Only by experiencing the pains associated with life, even the self-imposed kind, can one truly understand that success and failure come in many forms. The uneducated and inexperienced avoid failure. A person educated by experience understands the natural need for failure, and because of their varied experiences, has the ability to prepare themselves to recognize failures, past, current or potential, as a pathway to success. I recall my mother constantly remarking how she would never understand why I would not only allow people I know to beat on me, but that I would pay my hard-earned money to travel so strangers could do the same, or worse. She said I spent as much time in the ER getting stitched up as I did in class where I got the cuts in the first place. It wasn’t until she sat ringside at one of my earlier fights did it hit her (nice pun, huh). She never again questioned why. What better definition for GoJu-Ryu then that?!

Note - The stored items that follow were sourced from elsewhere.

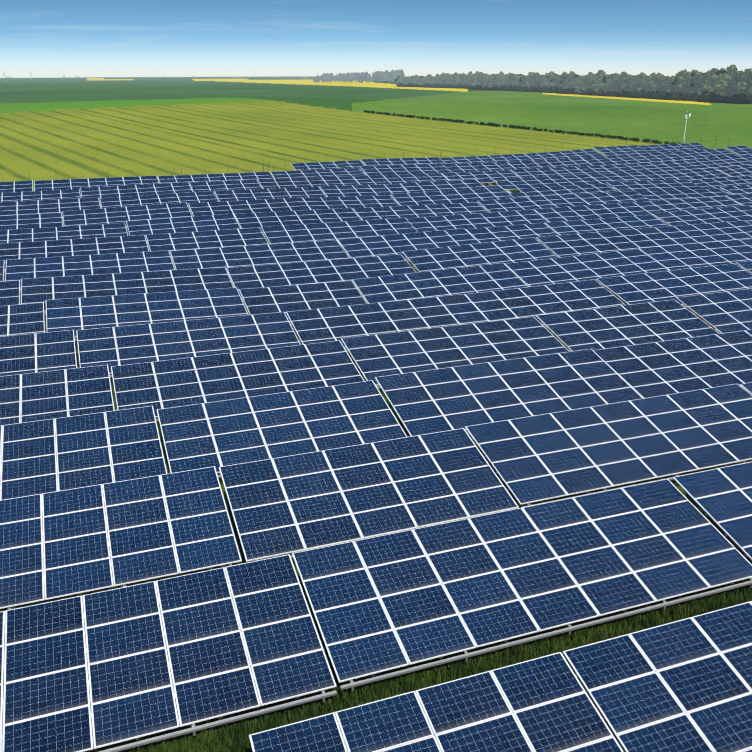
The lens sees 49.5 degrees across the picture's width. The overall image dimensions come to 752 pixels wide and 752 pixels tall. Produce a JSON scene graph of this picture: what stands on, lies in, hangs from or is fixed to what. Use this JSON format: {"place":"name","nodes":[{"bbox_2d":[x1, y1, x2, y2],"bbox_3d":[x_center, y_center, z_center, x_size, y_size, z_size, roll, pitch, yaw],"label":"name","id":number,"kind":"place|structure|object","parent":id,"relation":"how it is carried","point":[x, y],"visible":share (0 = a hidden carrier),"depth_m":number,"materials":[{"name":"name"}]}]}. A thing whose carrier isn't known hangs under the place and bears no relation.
{"place":"outdoors","nodes":[
{"label":"outdoors","id":0,"kind":"place"},
{"bbox_2d":[0,76,751,751],"bbox_3d":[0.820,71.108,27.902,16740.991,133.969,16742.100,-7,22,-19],"label":"ground","id":1,"kind":"structure","parent":0,"point":[66,128],"depth_m":149.52,"materials":[{"name":"green plant"}]},
{"bbox_2d":[0,280,19,305],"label":"solar table","id":2,"kind":"object","parent":1,"relation":"on","point":[9,292],"visible":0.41,"depth_m":45.29,"materials":[{"name":"blue glass"}]},
{"bbox_2d":[0,180,32,192],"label":"solar table","id":3,"kind":"object","parent":1,"relation":"on","point":[16,186],"visible":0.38,"depth_m":77.80,"materials":[{"name":"blue glass"}]},
{"bbox_2d":[0,302,44,338],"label":"solar table","id":4,"kind":"object","parent":1,"relation":"on","point":[20,319],"visible":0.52,"depth_m":40.70,"materials":[{"name":"blue glass"}]},
{"bbox_2d":[0,213,62,229],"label":"solar table","id":5,"kind":"object","parent":1,"relation":"on","point":[10,222],"visible":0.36,"depth_m":64.39,"materials":[{"name":"blue glass"}]},
{"bbox_2d":[0,330,76,375],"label":"solar table","id":6,"kind":"object","parent":1,"relation":"on","point":[41,352],"visible":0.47,"depth_m":36.12,"materials":[{"name":"blue glass"}]},
{"bbox_2d":[0,189,80,203],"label":"solar table","id":7,"kind":"object","parent":1,"relation":"on","point":[39,195],"visible":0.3,"depth_m":74.28,"materials":[{"name":"blue glass"}]},
{"bbox_2d":[0,197,100,225],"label":"solar table","id":8,"kind":"object","parent":1,"relation":"on","point":[30,207],"visible":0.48,"depth_m":69.42,"materials":[{"name":"blue glass"}]},
{"bbox_2d":[0,365,114,429],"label":"solar table","id":9,"kind":"object","parent":1,"relation":"on","point":[38,396],"visible":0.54,"depth_m":31.54,"materials":[{"name":"blue glass"}]},
{"bbox_2d":[0,223,127,249],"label":"solar table","id":10,"kind":"object","parent":1,"relation":"on","point":[59,233],"visible":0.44,"depth_m":60.52,"materials":[{"name":"blue glass"}]},
{"bbox_2d":[0,235,148,271],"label":"solar table","id":11,"kind":"object","parent":1,"relation":"on","point":[67,247],"visible":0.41,"depth_m":55.83,"materials":[{"name":"blue glass"}]},
{"bbox_2d":[0,406,166,499],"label":"solar table","id":12,"kind":"object","parent":1,"relation":"on","point":[79,446],"visible":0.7,"depth_m":26.89,"materials":[{"name":"blue glass"}]},
{"bbox_2d":[5,250,174,290],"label":"solar table","id":13,"kind":"object","parent":1,"relation":"on","point":[52,267],"visible":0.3,"depth_m":51.44,"materials":[{"name":"blue glass"}]},
{"bbox_2d":[34,176,158,195],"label":"solar table","id":14,"kind":"object","parent":1,"relation":"on","point":[46,185],"visible":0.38,"depth_m":80.18,"materials":[{"name":"blue glass"}]},
{"bbox_2d":[0,466,241,609],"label":"solar table","id":15,"kind":"object","parent":1,"relation":"on","point":[70,537],"visible":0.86,"depth_m":22.39,"materials":[{"name":"blue glass"}]},
{"bbox_2d":[62,202,191,229],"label":"solar table","id":16,"kind":"object","parent":1,"relation":"on","point":[114,215],"visible":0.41,"depth_m":66.54,"materials":[{"name":"blue glass"}]},
{"bbox_2d":[21,267,233,313],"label":"solar table","id":17,"kind":"object","parent":1,"relation":"on","point":[38,290],"visible":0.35,"depth_m":47.17,"materials":[{"name":"blue glass"}]},
{"bbox_2d":[80,182,191,204],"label":"solar table","id":18,"kind":"object","parent":1,"relation":"on","point":[131,190],"visible":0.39,"depth_m":76.59,"materials":[{"name":"blue glass"}]},
{"bbox_2d":[46,287,247,340],"bbox_3d":[-11.796,-2.800,42.569,9.980,2.340,3.990,-7,22,-19],"label":"solar table","id":19,"kind":"object","parent":1,"relation":"on","point":[94,312],"visible":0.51,"depth_m":42.53,"materials":[{"name":"blue glass"}]},
{"bbox_2d":[100,191,217,215],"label":"solar table","id":20,"kind":"object","parent":1,"relation":"on","point":[186,197],"visible":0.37,"depth_m":72.40,"materials":[{"name":"blue glass"}]},
{"bbox_2d":[0,554,336,751],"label":"solar table","id":21,"kind":"object","parent":1,"relation":"on","point":[47,698],"visible":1,"depth_m":17.77,"materials":[{"name":"blue glass"}]},
{"bbox_2d":[126,214,240,243],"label":"solar table","id":22,"kind":"object","parent":1,"relation":"on","point":[186,224],"visible":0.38,"depth_m":63.18,"materials":[{"name":"blue glass"}]},
{"bbox_2d":[76,312,300,376],"bbox_3d":[-8.664,-1.098,38.364,9.971,2.122,3.996,-7,22,-19],"label":"solar table","id":23,"kind":"object","parent":1,"relation":"on","point":[134,344],"visible":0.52,"depth_m":38.30,"materials":[{"name":"blue glass"}]},
{"bbox_2d":[146,227,268,258],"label":"solar table","id":24,"kind":"object","parent":1,"relation":"on","point":[208,239],"visible":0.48,"depth_m":58.69,"materials":[{"name":"blue glass"}]},
{"bbox_2d":[158,172,273,190],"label":"solar table","id":25,"kind":"object","parent":1,"relation":"on","point":[215,177],"visible":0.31,"depth_m":84.18,"materials":[{"name":"blue glass"}]},
{"bbox_2d":[189,180,261,198],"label":"solar table","id":26,"kind":"object","parent":1,"relation":"on","point":[213,186],"visible":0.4,"depth_m":79.44,"materials":[{"name":"blue glass"}]},
{"bbox_2d":[111,340,363,421],"bbox_3d":[-5.638,0.567,34.005,9.960,1.927,4.009,-7,22,-19],"label":"solar table","id":27,"kind":"object","parent":1,"relation":"on","point":[208,378],"visible":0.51,"depth_m":33.91,"materials":[{"name":"blue glass"}]},
{"bbox_2d":[188,197,309,219],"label":"solar table","id":28,"kind":"object","parent":1,"relation":"on","point":[248,206],"visible":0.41,"depth_m":69.76,"materials":[{"name":"blue glass"}]},
{"bbox_2d":[170,240,348,275],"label":"solar table","id":29,"kind":"object","parent":1,"relation":"on","point":[242,256],"visible":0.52,"depth_m":54.86,"materials":[{"name":"blue glass"}]},
{"bbox_2d":[215,187,325,202],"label":"solar table","id":30,"kind":"object","parent":1,"relation":"on","point":[253,194],"visible":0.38,"depth_m":75.59,"materials":[{"name":"blue glass"}]},
{"bbox_2d":[157,380,406,477],"bbox_3d":[-3.348,2.271,29.389,8.300,1.967,4.000,-7,22,-19],"label":"solar table","id":31,"kind":"object","parent":1,"relation":"on","point":[289,423],"visible":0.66,"depth_m":29.19,"materials":[{"name":"blue glass"}]},
{"bbox_2d":[234,208,360,234],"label":"solar table","id":32,"kind":"object","parent":1,"relation":"on","point":[257,220],"visible":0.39,"depth_m":66.20,"materials":[{"name":"blue glass"}]},
{"bbox_2d":[239,281,366,324],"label":"solar table","id":33,"kind":"object","parent":1,"relation":"on","point":[274,299],"visible":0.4,"depth_m":45.47,"materials":[{"name":"blue glass"}]},
{"bbox_2d":[257,176,359,193],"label":"solar table","id":34,"kind":"object","parent":1,"relation":"on","point":[304,182],"visible":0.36,"depth_m":81.98,"materials":[{"name":"blue glass"}]},
{"bbox_2d":[271,168,365,178],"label":"solar table","id":35,"kind":"object","parent":1,"relation":"on","point":[321,173],"visible":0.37,"depth_m":87.67,"materials":[{"name":"blue glass"}]},
{"bbox_2d":[226,254,415,304],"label":"solar table","id":36,"kind":"object","parent":1,"relation":"on","point":[308,272],"visible":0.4,"depth_m":51.03,"materials":[{"name":"blue glass"}]},
{"bbox_2d":[291,160,364,173],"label":"solar table","id":37,"kind":"object","parent":1,"relation":"on","point":[328,165],"visible":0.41,"depth_m":93.15,"materials":[{"name":"blue glass"}]},
{"bbox_2d":[261,218,417,246],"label":"solar table","id":38,"kind":"object","parent":1,"relation":"on","point":[313,232],"visible":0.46,"depth_m":61.65,"materials":[{"name":"blue glass"}]},
{"bbox_2d":[303,195,398,214],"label":"solar table","id":39,"kind":"object","parent":1,"relation":"on","point":[316,203],"visible":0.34,"depth_m":72.91,"materials":[{"name":"blue glass"}]},
{"bbox_2d":[319,184,407,200],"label":"solar table","id":40,"kind":"object","parent":1,"relation":"on","point":[359,190],"visible":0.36,"depth_m":78.56,"materials":[{"name":"blue glass"}]},
{"bbox_2d":[219,428,518,561],"bbox_3d":[-0.246,3.908,24.970,8.298,2.056,3.988,-7,22,-19],"label":"solar table","id":41,"kind":"object","parent":1,"relation":"on","point":[328,497],"visible":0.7,"depth_m":24.60,"materials":[{"name":"blue glass"}]},
{"bbox_2d":[1,136,742,180],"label":"perimeter fence","id":42,"kind":"object","parent":1,"relation":"on","point":[350,154],"visible":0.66,"depth_m":95.42,"materials":[{"name":"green metal"}]},
{"bbox_2d":[0,285,751,751],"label":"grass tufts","id":43,"kind":"object","parent":1,"relation":"on","point":[230,737],"visible":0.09,"depth_m":18.82,"materials":[{"name":"green plant"}]},
{"bbox_2d":[286,294,488,351],"bbox_3d":[0.808,-2.228,41.479,9.960,2.057,4.001,-7,22,-19],"label":"solar table","id":44,"kind":"object","parent":1,"relation":"on","point":[319,325],"visible":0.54,"depth_m":41.50,"materials":[{"name":"blue glass"}]},
{"bbox_2d":[353,173,448,189],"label":"solar table","id":45,"kind":"object","parent":1,"relation":"on","point":[388,179],"visible":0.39,"depth_m":85.32,"materials":[{"name":"blue glass"}]},
{"bbox_2d":[361,157,445,165],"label":"solar table","id":46,"kind":"object","parent":1,"relation":"on","point":[402,161],"visible":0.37,"depth_m":96.21,"materials":[{"name":"blue glass"}]},
{"bbox_2d":[360,164,451,176],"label":"solar table","id":47,"kind":"object","parent":1,"relation":"on","point":[402,169],"visible":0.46,"depth_m":90.58,"materials":[{"name":"blue glass"}]},
{"bbox_2d":[338,228,478,261],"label":"solar table","id":48,"kind":"object","parent":1,"relation":"on","point":[383,245],"visible":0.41,"depth_m":58.40,"materials":[{"name":"blue glass"}]},
{"bbox_2d":[353,202,487,219],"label":"solar table","id":49,"kind":"object","parent":1,"relation":"on","point":[410,211],"visible":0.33,"depth_m":69.69,"materials":[{"name":"blue glass"}]},
{"bbox_2d":[249,652,623,751],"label":"solar table","id":50,"kind":"object","parent":1,"relation":"on","point":[543,704],"visible":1,"depth_m":15.62,"materials":[{"name":"blue glass"}]},
{"bbox_2d":[352,263,527,303],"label":"solar table","id":51,"kind":"object","parent":1,"relation":"on","point":[464,280],"visible":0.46,"depth_m":48.08,"materials":[{"name":"blue glass"}]},
{"bbox_2d":[400,179,500,192],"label":"solar table","id":52,"kind":"object","parent":1,"relation":"on","point":[434,186],"visible":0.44,"depth_m":81.58,"materials":[{"name":"blue glass"}]},
{"bbox_2d":[391,188,513,211],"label":"solar table","id":53,"kind":"object","parent":1,"relation":"on","point":[441,197],"visible":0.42,"depth_m":76.00,"materials":[{"name":"blue glass"}]},
{"bbox_2d":[341,316,569,388],"bbox_3d":[3.778,-0.717,37.243,9.960,1.992,4.010,-7,22,-19],"label":"solar table","id":54,"kind":"object","parent":1,"relation":"on","point":[384,354],"visible":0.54,"depth_m":37.14,"materials":[{"name":"blue glass"}]},
{"bbox_2d":[402,237,557,271],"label":"solar table","id":55,"kind":"object","parent":1,"relation":"on","point":[488,253],"visible":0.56,"depth_m":54.43,"materials":[{"name":"blue glass"}]},
{"bbox_2d":[406,209,553,231],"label":"solar table","id":56,"kind":"object","parent":1,"relation":"on","point":[471,221],"visible":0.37,"depth_m":65.79,"materials":[{"name":"blue glass"}]},
{"bbox_2d":[441,170,518,186],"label":"solar table","id":57,"kind":"object","parent":1,"relation":"on","point":[500,176],"visible":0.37,"depth_m":88.29,"materials":[{"name":"blue glass"}]},
{"bbox_2d":[443,162,516,174],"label":"solar table","id":58,"kind":"object","parent":1,"relation":"on","point":[476,167],"visible":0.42,"depth_m":93.78,"materials":[{"name":"blue glass"}]},
{"bbox_2d":[440,154,531,166],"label":"solar table","id":59,"kind":"object","parent":1,"relation":"on","point":[491,158],"visible":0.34,"depth_m":99.64,"materials":[{"name":"blue glass"}]},
{"bbox_2d":[375,349,641,435],"bbox_3d":[5.319,1.066,32.325,9.960,2.060,3.993,-7,22,-19],"label":"solar table","id":60,"kind":"object","parent":1,"relation":"on","point":[438,400],"visible":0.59,"depth_m":32.05,"materials":[{"name":"blue glass"}]},
{"bbox_2d":[466,223,558,245],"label":"solar table","id":61,"kind":"object","parent":1,"relation":"on","point":[498,233],"visible":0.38,"depth_m":61.25,"materials":[{"name":"blue glass"}]},
{"bbox_2d":[292,479,751,690],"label":"solar table","id":62,"kind":"object","parent":1,"relation":"on","point":[440,591],"visible":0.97,"depth_m":20.73,"materials":[{"name":"blue glass"}]},
{"bbox_2d":[478,194,588,214],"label":"solar table","id":63,"kind":"object","parent":1,"relation":"on","point":[528,203],"visible":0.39,"depth_m":73.11,"materials":[{"name":"blue glass"}]},
{"bbox_2d":[465,279,624,329],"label":"solar table","id":64,"kind":"object","parent":1,"relation":"on","point":[515,303],"visible":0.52,"depth_m":44.58,"materials":[{"name":"blue glass"}]},
{"bbox_2d":[495,174,601,192],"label":"solar table","id":65,"kind":"object","parent":1,"relation":"on","point":[543,181],"visible":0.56,"depth_m":85.00,"materials":[{"name":"blue glass"}]},
{"bbox_2d":[508,157,591,168],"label":"solar table","id":66,"kind":"object","parent":1,"relation":"on","point":[563,162],"visible":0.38,"depth_m":96.68,"materials":[{"name":"blue glass"}]},
{"bbox_2d":[511,165,610,177],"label":"solar table","id":67,"kind":"object","parent":1,"relation":"on","point":[561,171],"visible":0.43,"depth_m":91.50,"materials":[{"name":"blue glass"}]},
{"bbox_2d":[507,183,616,197],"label":"solar table","id":68,"kind":"object","parent":1,"relation":"on","point":[571,189],"visible":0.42,"depth_m":80.32,"materials":[{"name":"blue glass"}]},
{"bbox_2d":[525,149,603,159],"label":"solar table","id":69,"kind":"object","parent":1,"relation":"on","point":[566,154],"visible":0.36,"depth_m":102.94,"materials":[{"name":"blue glass"}]},
{"bbox_2d":[505,249,668,286],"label":"solar table","id":70,"kind":"object","parent":1,"relation":"on","point":[576,268],"visible":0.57,"depth_m":51.14,"materials":[{"name":"blue glass"}]},
{"bbox_2d":[534,202,659,233],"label":"solar table","id":71,"kind":"object","parent":1,"relation":"on","point":[586,212],"visible":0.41,"depth_m":69.22,"materials":[{"name":"blue glass"}]},
{"bbox_2d":[545,215,667,234],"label":"solar table","id":72,"kind":"object","parent":1,"relation":"on","point":[599,225],"visible":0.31,"depth_m":63.89,"materials":[{"name":"blue glass"}]},
{"bbox_2d":[536,227,679,256],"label":"solar table","id":73,"kind":"object","parent":1,"relation":"on","point":[567,245],"visible":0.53,"depth_m":57.52,"materials":[{"name":"blue glass"}]},
{"bbox_2d":[465,384,751,507],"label":"solar table","id":74,"kind":"object","parent":1,"relation":"on","point":[541,458],"visible":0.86,"depth_m":27.68,"materials":[{"name":"blue glass"}]},
{"bbox_2d":[575,191,650,204],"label":"solar table","id":75,"kind":"object","parent":1,"relation":"on","point":[610,197],"visible":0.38,"depth_m":75.82,"materials":[{"name":"blue glass"}]},
{"bbox_2d":[593,145,648,155],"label":"solar table","id":76,"kind":"object","parent":1,"relation":"on","point":[620,150],"visible":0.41,"depth_m":105.31,"materials":[{"name":"blue glass"}]},
{"bbox_2d":[536,299,719,350],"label":"solar table","id":77,"kind":"object","parent":1,"relation":"on","point":[623,325],"visible":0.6,"depth_m":40.03,"materials":[{"name":"blue glass"}]},
{"bbox_2d":[582,152,674,165],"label":"solar table","id":78,"kind":"object","parent":1,"relation":"on","point":[629,159],"visible":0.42,"depth_m":99.87,"materials":[{"name":"blue glass"}]},
{"bbox_2d":[588,171,677,188],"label":"solar table","id":79,"kind":"object","parent":1,"relation":"on","point":[631,176],"visible":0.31,"depth_m":88.65,"materials":[{"name":"blue glass"}]},
{"bbox_2d":[602,160,698,172],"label":"solar table","id":80,"kind":"object","parent":1,"relation":"on","point":[656,166],"visible":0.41,"depth_m":95.02,"materials":[{"name":"blue glass"}]},
{"bbox_2d":[606,179,702,191],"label":"solar table","id":81,"kind":"object","parent":1,"relation":"on","point":[659,185],"visible":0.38,"depth_m":83.29,"materials":[{"name":"blue glass"}]},
{"bbox_2d":[563,601,751,751],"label":"solar table","id":82,"kind":"object","parent":1,"relation":"on","point":[683,685],"visible":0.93,"depth_m":16.78,"materials":[{"name":"blue glass"}]},
{"bbox_2d":[593,330,751,397],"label":"solar table","id":83,"kind":"object","parent":1,"relation":"on","point":[652,369],"visible":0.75,"depth_m":34.99,"materials":[{"name":"blue glass"}]},
{"bbox_2d":[596,263,751,307],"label":"solar table","id":84,"kind":"object","parent":1,"relation":"on","point":[650,287],"visible":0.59,"depth_m":47.33,"materials":[{"name":"blue glass"}]},
{"bbox_2d":[639,143,708,152],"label":"solar table","id":85,"kind":"object","parent":1,"relation":"on","point":[671,147],"visible":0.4,"depth_m":108.24,"materials":[{"name":"blue glass"}]},
{"bbox_2d":[677,71,690,89],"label":"broad tree","id":86,"kind":"object","parent":1,"relation":"on","point":[682,79],"visible":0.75,"depth_m":547.68,"materials":[{"name":"green plant"}]},
{"bbox_2d":[634,196,740,219],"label":"solar table","id":87,"kind":"object","parent":1,"relation":"on","point":[651,207],"visible":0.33,"depth_m":72.56,"materials":[{"name":"blue glass"}]},
{"bbox_2d":[638,188,740,204],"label":"solar table","id":88,"kind":"object","parent":1,"relation":"on","point":[675,194],"visible":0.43,"depth_m":78.79,"materials":[{"name":"blue glass"}]},
{"bbox_2d":[639,240,751,269],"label":"solar table","id":89,"kind":"object","parent":1,"relation":"on","point":[682,256],"visible":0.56,"depth_m":54.11,"materials":[{"name":"blue glass"}]},
{"bbox_2d":[665,168,729,179],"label":"solar table","id":90,"kind":"object","parent":1,"relation":"on","point":[703,173],"visible":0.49,"depth_m":91.18,"materials":[{"name":"blue glass"}]},
{"bbox_2d":[660,148,737,160],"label":"solar table","id":91,"kind":"object","parent":1,"relation":"on","point":[693,154],"visible":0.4,"depth_m":103.32,"materials":[{"name":"blue glass"}]},
{"bbox_2d":[652,205,751,225],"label":"solar table","id":92,"kind":"object","parent":1,"relation":"on","point":[709,215],"visible":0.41,"depth_m":66.85,"materials":[{"name":"blue glass"}]},
{"bbox_2d":[655,220,751,244],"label":"solar table","id":93,"kind":"object","parent":1,"relation":"on","point":[710,232],"visible":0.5,"depth_m":60.50,"materials":[{"name":"blue glass"}]},
{"bbox_2d":[673,462,751,559],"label":"solar table","id":94,"kind":"object","parent":1,"relation":"on","point":[721,497],"visible":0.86,"depth_m":23.82,"materials":[{"name":"blue glass"}]},
{"bbox_2d":[707,74,718,101],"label":"broad tree","id":95,"kind":"object","parent":1,"relation":"on","point":[713,78],"visible":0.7,"depth_m":510.35,"materials":[{"name":"green plant"}]},
{"bbox_2d":[676,288,751,332],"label":"solar table","id":96,"kind":"object","parent":1,"relation":"on","point":[726,312],"visible":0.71,"depth_m":42.16,"materials":[{"name":"blue glass"}]},
{"bbox_2d":[684,155,751,171],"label":"solar table","id":97,"kind":"object","parent":1,"relation":"on","point":[714,163],"visible":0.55,"depth_m":98.33,"materials":[{"name":"blue glass"}]},
{"bbox_2d":[689,176,751,194],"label":"solar table","id":98,"kind":"object","parent":1,"relation":"on","point":[714,183],"visible":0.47,"depth_m":86.38,"materials":[{"name":"blue glass"}]},
{"bbox_2d":[714,75,730,102],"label":"broad tree","id":99,"kind":"object","parent":1,"relation":"on","point":[721,86],"visible":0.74,"depth_m":497.22,"materials":[{"name":"green plant"}]},
{"bbox_2d":[715,164,751,176],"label":"solar table","id":100,"kind":"object","parent":1,"relation":"on","point":[738,170],"visible":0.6,"depth_m":92.93,"materials":[{"name":"blue glass"}]},
{"bbox_2d":[725,70,744,97],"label":"broad tree","id":101,"kind":"object","parent":1,"relation":"on","point":[731,90],"visible":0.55,"depth_m":489.85,"materials":[{"name":"green plant"}]},
{"bbox_2d":[720,185,751,194],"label":"solar table","id":102,"kind":"object","parent":1,"relation":"on","point":[740,189],"visible":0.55,"depth_m":80.97,"materials":[{"name":"blue glass"}]},
{"bbox_2d":[725,194,751,205],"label":"solar table","id":103,"kind":"object","parent":1,"relation":"on","point":[743,199],"visible":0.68,"depth_m":74.77,"materials":[{"name":"blue glass"}]},
{"bbox_2d":[725,146,751,155],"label":"solar table","id":104,"kind":"object","parent":1,"relation":"on","point":[742,150],"visible":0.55,"depth_m":105.49,"materials":[{"name":"blue glass"}]},
{"bbox_2d":[736,69,751,93],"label":"broad tree","id":105,"kind":"object","parent":1,"relation":"on","point":[742,87],"visible":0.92,"depth_m":468.79,"materials":[{"name":"green plant"}]},
{"bbox_2d":[0,0,751,77],"label":"sky","id":106,"kind":"structure","parent":0,"point":[39,38],"materials":[{"name":"blue"}]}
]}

Oh, and by the way, it’s interesting enough to note that the last kanji 志(warrior scholar) found in 武備志,Bubishi, is the second kanji used in the naming of Kenshi-Kai 拳志會(Ambition Fist Organizational). Coincidence? Understanding that Dr. Tetsuhiro Hokama is not only the World Headmaster of Kenshi-Kai International, he is also the founder and curator of the world’s first and largest museum dedicated to the history and preservation of Okinawan martial arts and undeniably one of the world’s leading historians and authorities on the Bubushi. Coincidence? I think not.
Over the past 100+ years, the martial arts, most particularly those identified as “traditional”, have been consciously engineered into an Olympic level sport. This siloed affect leaves little need for the coach or competitor to rationalize the historical and sociological benefits of their respective art into their trainings when keeping up with the most up to date competition rule changes and garnering sponsorship takes precedence. Don’t take that as me stating competitive and performance martial arts is a bad thing. I was as successful competitor for more than 20 years and had several students who completed at national and international levels. My remarks are intended to serve as a reminder that there is much more to be gained from martial arts’ training than the hanging of a medal around one’s neck. Being a true student of the martial arts is a privilege that can exist beyond our time on this Earth. Come to think of it, is this not yet another possible definition of GoJu-Ryu?!